-------- RECORDS FOR PROCESSING --------
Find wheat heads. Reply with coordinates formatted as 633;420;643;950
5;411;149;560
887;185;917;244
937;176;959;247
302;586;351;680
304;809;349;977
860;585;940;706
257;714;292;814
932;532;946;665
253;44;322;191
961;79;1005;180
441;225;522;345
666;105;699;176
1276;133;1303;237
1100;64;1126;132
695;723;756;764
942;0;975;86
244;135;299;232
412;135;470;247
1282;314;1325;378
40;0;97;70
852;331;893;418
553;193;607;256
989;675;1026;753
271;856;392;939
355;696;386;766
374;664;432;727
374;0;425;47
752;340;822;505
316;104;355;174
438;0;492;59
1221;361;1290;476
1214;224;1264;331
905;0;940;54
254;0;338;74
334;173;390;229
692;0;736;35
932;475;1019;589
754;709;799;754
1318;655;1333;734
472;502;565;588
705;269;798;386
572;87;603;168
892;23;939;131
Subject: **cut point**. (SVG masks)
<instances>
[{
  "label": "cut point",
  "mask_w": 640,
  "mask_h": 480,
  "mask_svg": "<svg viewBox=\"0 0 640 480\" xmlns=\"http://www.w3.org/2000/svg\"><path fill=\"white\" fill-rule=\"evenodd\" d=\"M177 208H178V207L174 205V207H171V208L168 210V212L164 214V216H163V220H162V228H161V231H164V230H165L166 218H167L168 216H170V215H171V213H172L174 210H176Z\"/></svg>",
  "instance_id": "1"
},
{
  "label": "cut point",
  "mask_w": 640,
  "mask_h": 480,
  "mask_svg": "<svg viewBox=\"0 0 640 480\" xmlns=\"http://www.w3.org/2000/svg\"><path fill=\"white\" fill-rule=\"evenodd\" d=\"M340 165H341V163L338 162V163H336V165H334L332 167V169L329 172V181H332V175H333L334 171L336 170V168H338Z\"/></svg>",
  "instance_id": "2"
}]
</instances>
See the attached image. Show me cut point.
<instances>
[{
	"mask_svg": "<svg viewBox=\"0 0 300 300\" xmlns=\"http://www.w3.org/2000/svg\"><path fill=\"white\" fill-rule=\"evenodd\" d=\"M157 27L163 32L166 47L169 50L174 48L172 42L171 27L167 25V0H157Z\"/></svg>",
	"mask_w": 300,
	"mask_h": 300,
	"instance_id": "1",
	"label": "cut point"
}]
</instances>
--------
All lines with the word "point" are needed; pull them from the entries and copy each.

Subject: **cut point**. (SVG masks)
  "label": "cut point",
  "label": "cut point",
See the attached image. Show me cut point.
	"label": "cut point"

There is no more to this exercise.